> _Work order_:
Using the data below, set down every line from the one containing "The image shows 29" through the one containing "Stroke terminals: plain, sans-serif.", inclusive and unchanged. Pictures are to be skipped.

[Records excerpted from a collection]

==============================

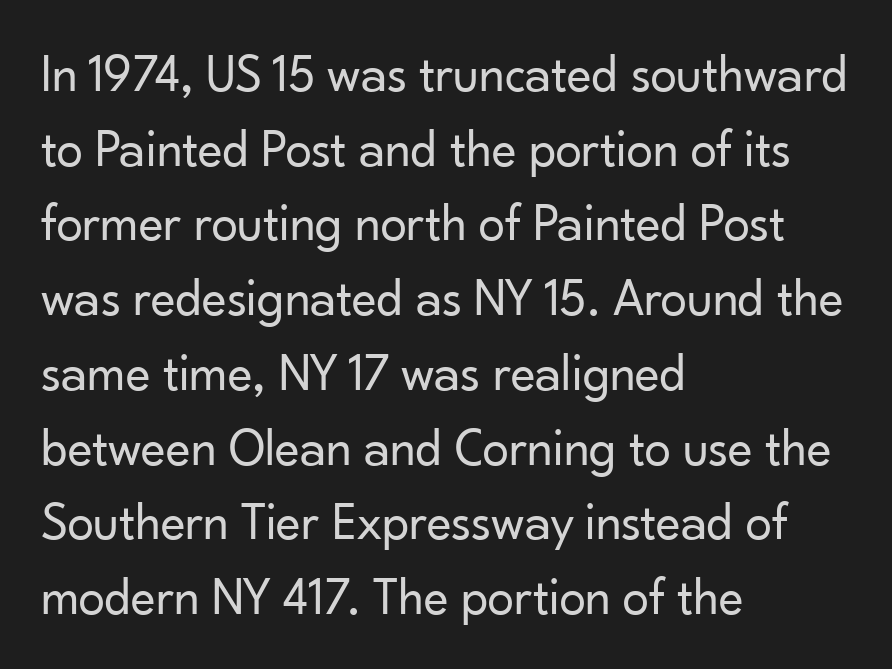
Beneath every word, the page is bare. The letters sit at their default tracking, neither squeezed nor spread. Notice how the stems are strictly vertical — no italics here. This block has exactly the height ordinary leading produces. The passage shown is typeset with a sans-serif family.
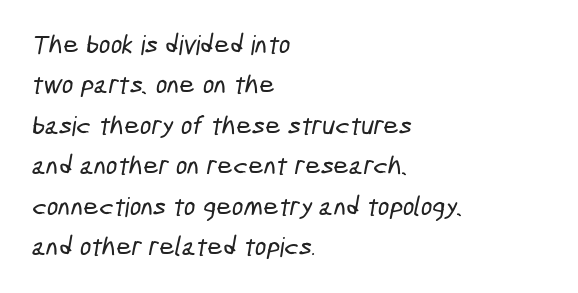
The image shows 27 px text type; set left-aligned, normal line spacing (1.5x), normal letter spacing, not underlined.
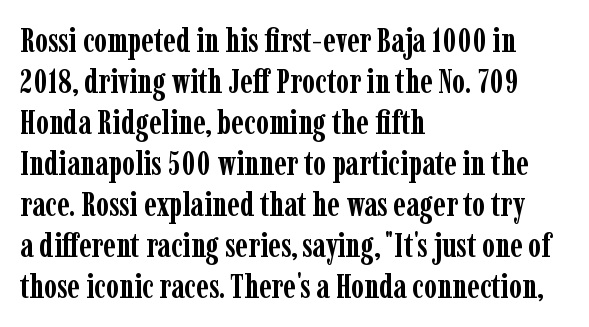
Q: Is the text bold? A: Yes.
Q: Is the text italic (slanted)? A: No, it is upright.
Q: Is the typeface a serif or a sans-serif typeface? A: Serif.
Q: Is the text underlined? A: No.
Q: How is the paragraph aligned? A: Left-aligned.
Q: Is the spacing between letters normal or unusually wide? A: Normal.
Q: Width (condensed, normal, or wide)? A: Condensed.
Q: Stroke contrast? A: Low.
Q: x-height? A: Medium.
Q: Monospaced? A: No.
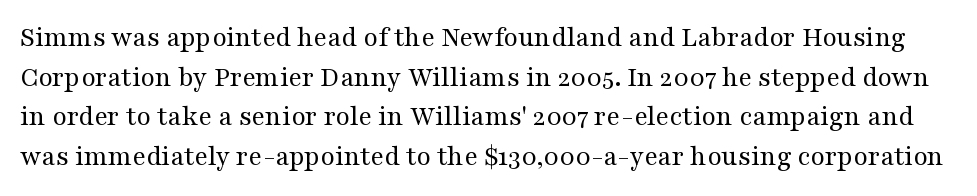
{"serif": "yes", "italic": "no", "bold": "no", "weight": "regular", "width": "wide", "stroke_contrast": "medium", "x_height": "medium", "monospaced": "no", "underline": "no", "line_spacing": "normal", "line_spacing_ratio": 1.37, "letter_spacing": "normal", "letter_spacing_em": 0.0, "glyph_px": 29}
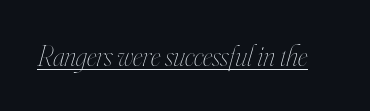
The image shows 29 px thin, condensed type, italic (leaning right); set normal letter spacing, underlined; high stroke contrast and a small x-height.
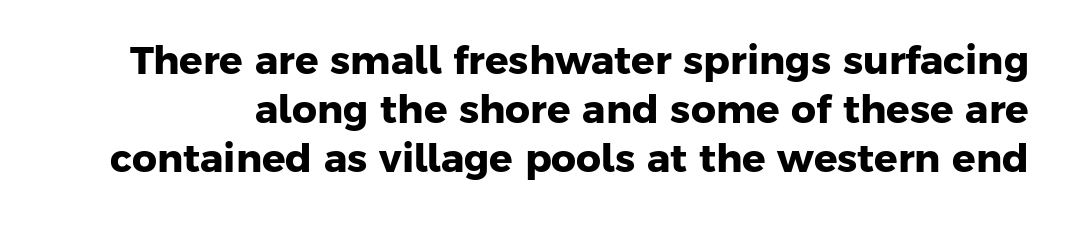
Stroke terminals: plain, sans-serif. Is this a fixed-width face? No — the glyphs have proportional, varying widths. Compared with an ordinary text face, these strokes are far heavier — a full bold. Words float on clear page, feet unadorned. Inter-character spacing is left at the font's built-in metrics. What's the leading like? Ordinary, nothing unusual.
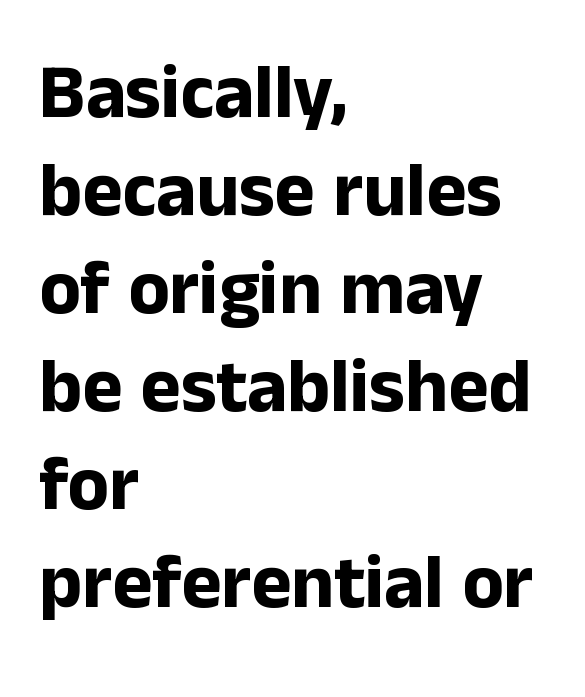
The image shows 76 px bold sans-serif type, upright; set left-aligned, normal line spacing (1.29x), normal letter spacing, not underlined; low stroke contrast and a medium x-height.
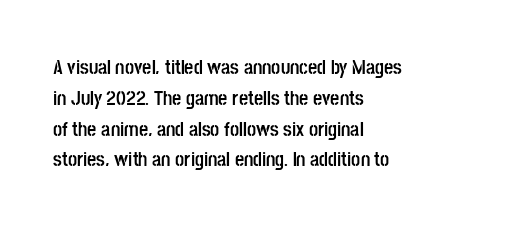
A student would call this left alignment; a typographer would say flush left, rag right. Any mark beneath the type? The region is blank. A dark, heavy texture on the line: the type is bold. The leading is moderate, giving the passage an even texture. The gaps between neighbouring characters are ordinary and unremarkable. The axis of the letterforms is exactly vertical.
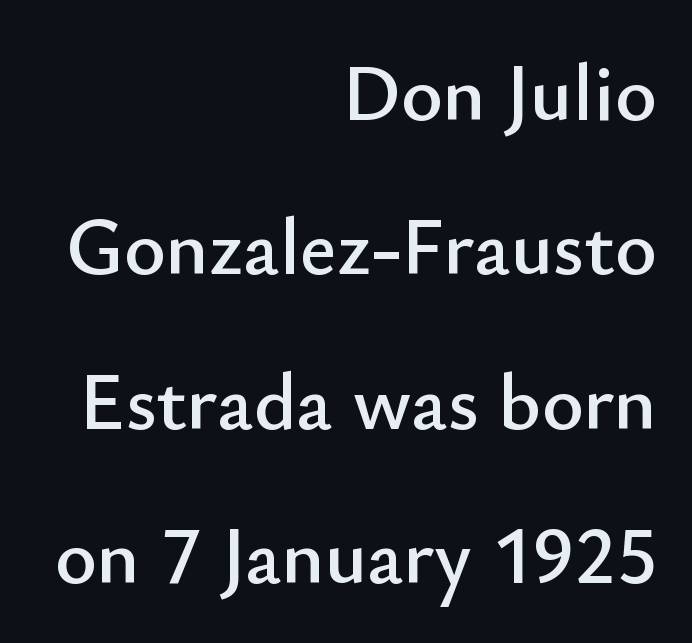
The image shows 80 px sans-serif type, upright; set right-aligned, loose line spacing (1.93x), normal letter spacing, not underlined; low stroke contrast and a small x-height.

==============================

> _Result_:
The image shows 29 px thin, condensed type, italic (leaning right); set normal letter spacing, underlined; high stroke contrast and a small x-height.
Stroke terminals: plain, sans-serif. Is this a fixed-width face? No — the glyphs have proportional, varying widths. Compared with an ordinary text face, these strokes are far heavier — a full bold. Words float on clear page, feet unadorned. Inter-character spacing is left at the font's built-in metrics. What's the leading like? Ordinary, nothing unusual.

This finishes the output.